_WHAT YOU NEED TO DO_
Print every entry below again exactly as written, skipping the pictures.

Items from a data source
^^^^^^^^

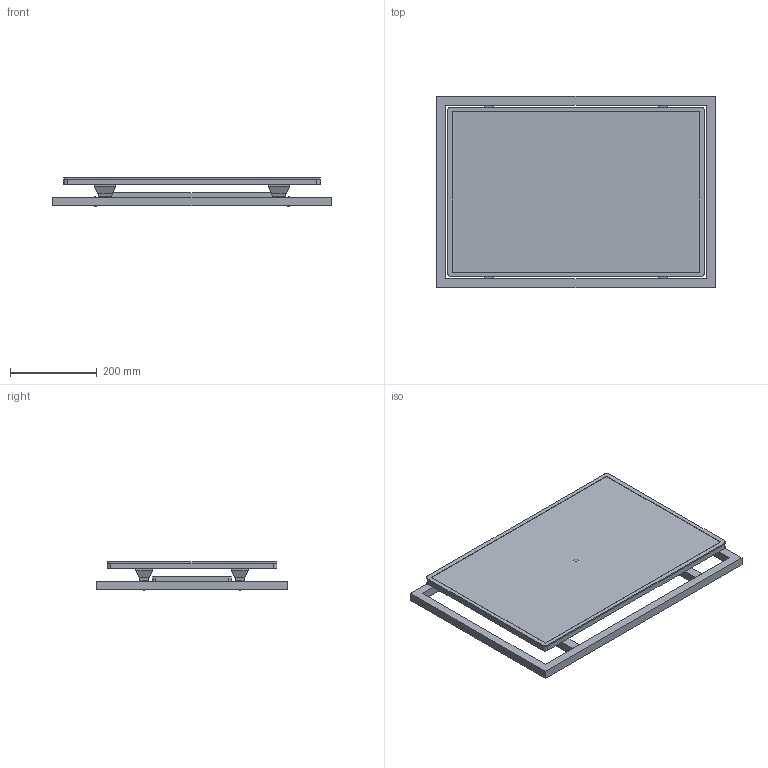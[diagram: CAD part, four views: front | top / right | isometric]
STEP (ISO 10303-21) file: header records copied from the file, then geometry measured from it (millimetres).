
FILE_DESCRIPTION(/* description */ ('','CAx-IF Rec.Pracs.---Representation and Presentation of Product Manufacturing Information (PMI)---4.0---2014-10-13'),/* implementation_level */ '2;1');
FILE_NAME(/* name */ 'Vacuum Former V5 Plattern.step',/* time_stamp */ '2025-01-23T00:49:45+11:00',/* author */ (''),/* organization */ (''),/* preprocessor_version */ 'ST-DEVELOPER v20',/* originating_system */ 'Autodesk Translation Framework v13.20.0.188',/* authorisation */ '');
FILE_SCHEMA (('AP242_MANAGED_MODEL_BASED_3D_ENGINEERING_MIM_LF { 1 0 10303 442 1 1 4 }'));
Length unit declared in the file: millimetre
Products named in the file (2): Vacuum Former V5 Plattern; WING NUT M4 x 0.7mm Thread
Assembly tree (4 placements, depth 2):
  Vacuum Former V5 Plattern
    WING NUT M4 x 0.7mm Thread  x4
Bounding box: 640 x 440 x 65.75 mm (x, y, z)
Volume: 4918626.5 mm3; surface area: 1458319.5 mm2
Topology: 19 solids, 19 shells, 484 faces, 1211 edges, 766 vertices
Faces by surface type: plane 179, cylinder 177, torus 56, bspline 40, cone 32
Full cylindrical faces by diameter (mm): 3.091 x12, 4 x20, 5 x4, 10 x1
Entity records: 9176 total; most frequent: CARTESIAN_POINT 2767, DIRECTION 1303, ORIENTED_EDGE 1300, EDGE_CURVE 650, AXIS2_PLACEMENT_3D 445, VERTEX_POINT 415, LINE 413, VECTOR 413

^^^^^^^^

_RESULT OF THE EXERCISE_
[diagram: CAD part, four views: front | top / right | isometric]
STEP (ISO 10303-21) file: header records copied from the file, then geometry measured from it (millimetres).
FILE_DESCRIPTION(/* description */ ('','CAx-IF Rec.Pracs.---Representation and Presentation of Product Manufacturing Information (PMI)---4.0---2014-10-13'),/* implementation_level */ '2;1');
FILE_NAME(/* name */ 'Vacuum Former V5 Plattern.step',/* time_stamp */ '2025-01-23T00:49:45+11:00',/* author */ (''),/* organization */ (''),/* preprocessor_version */ 'ST-DEVELOPER v20',/* originating_system */ 'Autodesk Translation Framework v13.20.0.188',/* authorisation */ '');
FILE_SCHEMA (('AP242_MANAGED_MODEL_BASED_3D_ENGINEERING_MIM_LF { 1 0 10303 442 1 1 4 }'));
Length unit declared in the file: millimetre
Products named in the file (2): Vacuum Former V5 Plattern; WING NUT M4 x 0.7mm Thread
Assembly tree (4 placements, depth 2):
  Vacuum Former V5 Plattern
    WING NUT M4 x 0.7mm Thread  x4
Bounding box: 640 x 440 x 65.75 mm (x, y, z)
Volume: 4918626.5 mm3; surface area: 1458319.5 mm2
Topology: 19 solids, 19 shells, 484 faces, 1211 edges, 766 vertices
Faces by surface type: plane 179, cylinder 177, torus 56, bspline 40, cone 32
Full cylindrical faces by diameter (mm): 3.091 x12, 4 x20, 5 x4, 10 x1
Entity records: 9176 total; most frequent: CARTESIAN_POINT 2767, DIRECTION 1303, ORIENTED_EDGE 1300, EDGE_CURVE 650, AXIS2_PLACEMENT_3D 445, VERTEX_POINT 415, LINE 413, VECTOR 413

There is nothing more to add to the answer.